Photo credit: A handout picture released by the acting Iraqi Prime Minster’s Office shows newly-appointed Iraqi Prime Minister Haider al-Abadi (R) meeting with the Italian Prime Minister Matteo Renzi in Baghdad (AFP)
The new Prime Minister Haidar Abadi needs to bring independent Sunnis to power and have them shoulder responsibility for security and nation-building – this is the only way to prevent them from one day tilting towards the ISIS
By Sami Moubayed
While the world was busy watching the Islamic State (IS) ploughing through large parts of Iraqi territory, the central government of Baghdad was getting a major face-lift. In less than one month, Iraq got a new president, new parliament speaker, and new prime minister. On paper, so much has changed. In reality, however, so much remains strikingly the same. The rights, rivalries, and rituals of Iraqi sectarianism all remain firmly intact, and so does the dramatic influence of Iran’s big neighbour, Iran.
The new Kurdish President of Iraq, Fouad al-Masoum, is old and powerless. Venerable and seasoned, he carries little weight in the hierarchy of post-Saddam Iraq. He nevertheless is a respected grandfatherly figure, thanks to a long career in politics, side-by-side by his predecessor ex-boss Jalal Talbani. Masoum, aged 76, was educated in Islamic Sharia at Baghdad University and the prestigious al-Azhar University.

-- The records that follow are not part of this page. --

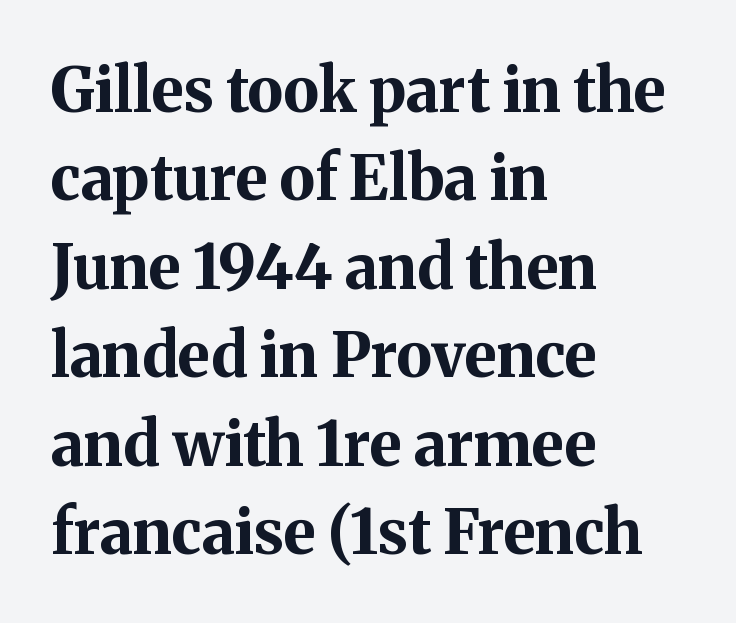
Students, note that the glyphs here touch the page at normal intervals. Notice how the passage keeps a crisp vertical edge on the left only. The area under the type is left untouched. The characters display serif detailing at their extremities.
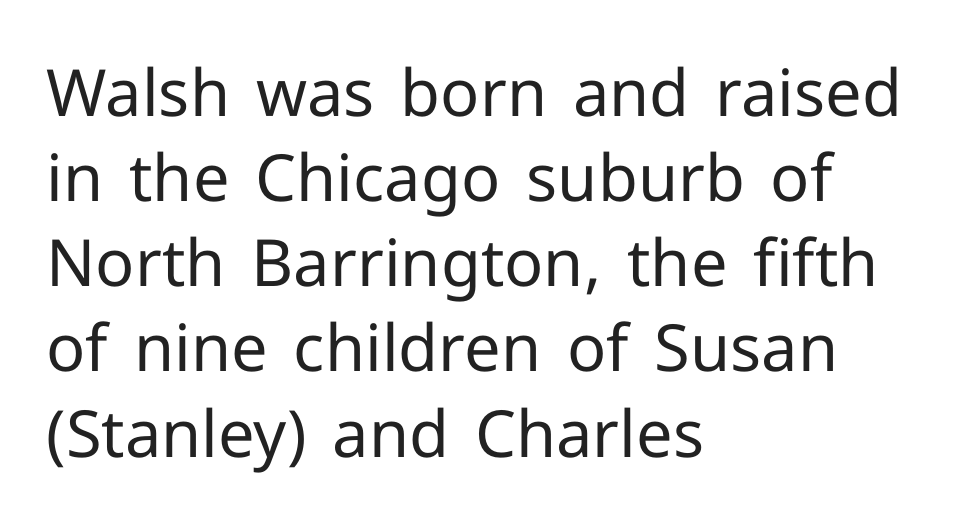
Q: Is the text bold? A: No.
Q: Is the text italic (slanted)? A: No, it is upright.
Q: Is the typeface a serif or a sans-serif typeface? A: Sans-serif.
Q: Is the text underlined? A: No.
Q: How is the paragraph aligned? A: Left-aligned.
Q: Is the spacing between letters normal or unusually wide? A: Normal.
Q: Is the spacing between lines tight, normal or loose? A: Normal.
Q: Width (condensed, normal, or wide)? A: Normal.
Q: Stroke contrast? A: Low.
Q: x-height? A: Medium.
Q: Monospaced? A: No.

Parliament Speaker Salim al-Jabouri is a middle-aged Sunni Muslim hailing from the religion-driven Islamic Party. He runs the legislative branch that last April, was packed by Iran-backed politicians, headed by ex-Prime Minister Nuri al-Malki. Although on paper, he is Iraq’s Number Two, the speaker has a thin power base – to say the least – within the Sunni community. The new Prime Minister Haidar Abadi is also from an Islamic party, al-Da’wa, and was brought to power this month with the full backing of regional heavyweights, Iran and its Grand Ayatollah Ali Khamenei.

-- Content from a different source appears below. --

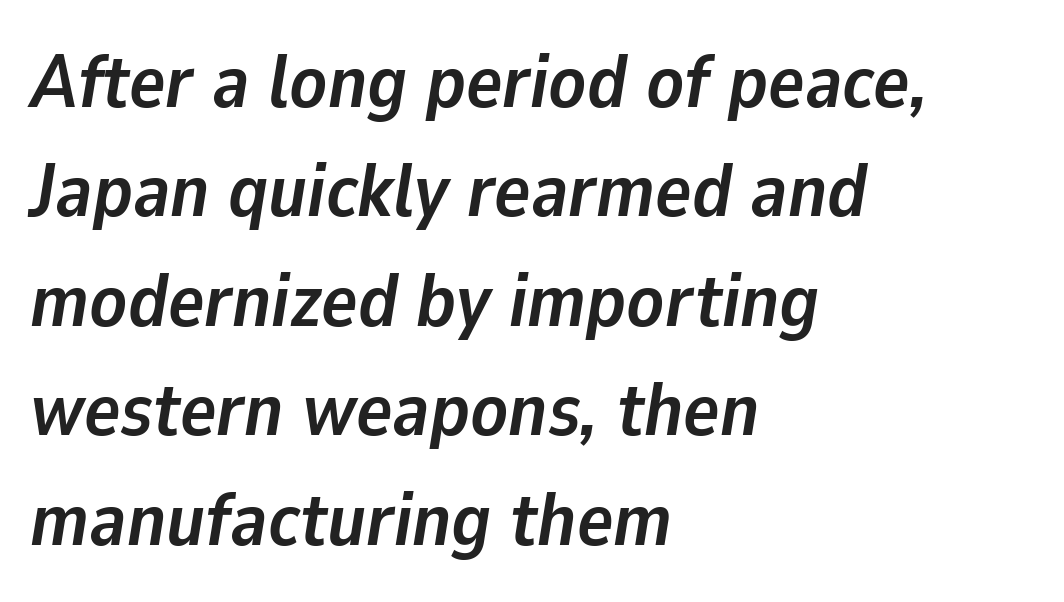
The image shows 76 px semibold type, italic (leaning right); set left-aligned, normal line spacing (1.44x), normal letter spacing, not underlined; low stroke contrast and a medium x-height.

One wonders why the country’s top brass is educated at religious schools or hailing from Islamic parties. The answer simply, is that this is the new elite that Iran has carefully been crafting for Iraq. Political Islam sells well and Iran needs it as a tool of control in Iraqi politics. Tehran has produced a cross-sectarian and multi-ethnic elite that is willing to work under Iranian influence. The formula is not new. It has been tried time and again in Lebanon. Iran’s Lebanese allies, Hezbollah, run the country – on paper – with a colourful assortment of Christian and Sunni Muslim figures. Men like Tammam Salam, Najib Mikati, and Michel Aoun all hail from prominent political families, are backed by heavyweight parties, and were educated at top notch schools.
None of them were born yesterday. All of them look good on TV and hold important jobs at different levels of government. Real power, however, lies in the hands of Hezbollah. For at least 10 years now, Hezbollah’s game has been: “We go to elections: if we win, we rule. If you win, we will make you feel that you are ruling, but we will still be ruling!” Pretty much that sums up the situation in Iraq as well. Real power lies in the hands not of the parliament speaker or president, but in those of heavyweight Iranian proxies like Ammar al-Hakim and Muqtada al-Sadr. They have arms, are demographically superior, and they control the airwaves, purse strings, and streets of Baghdad. Everybody else is just window dressing in post-Saddam Iraq.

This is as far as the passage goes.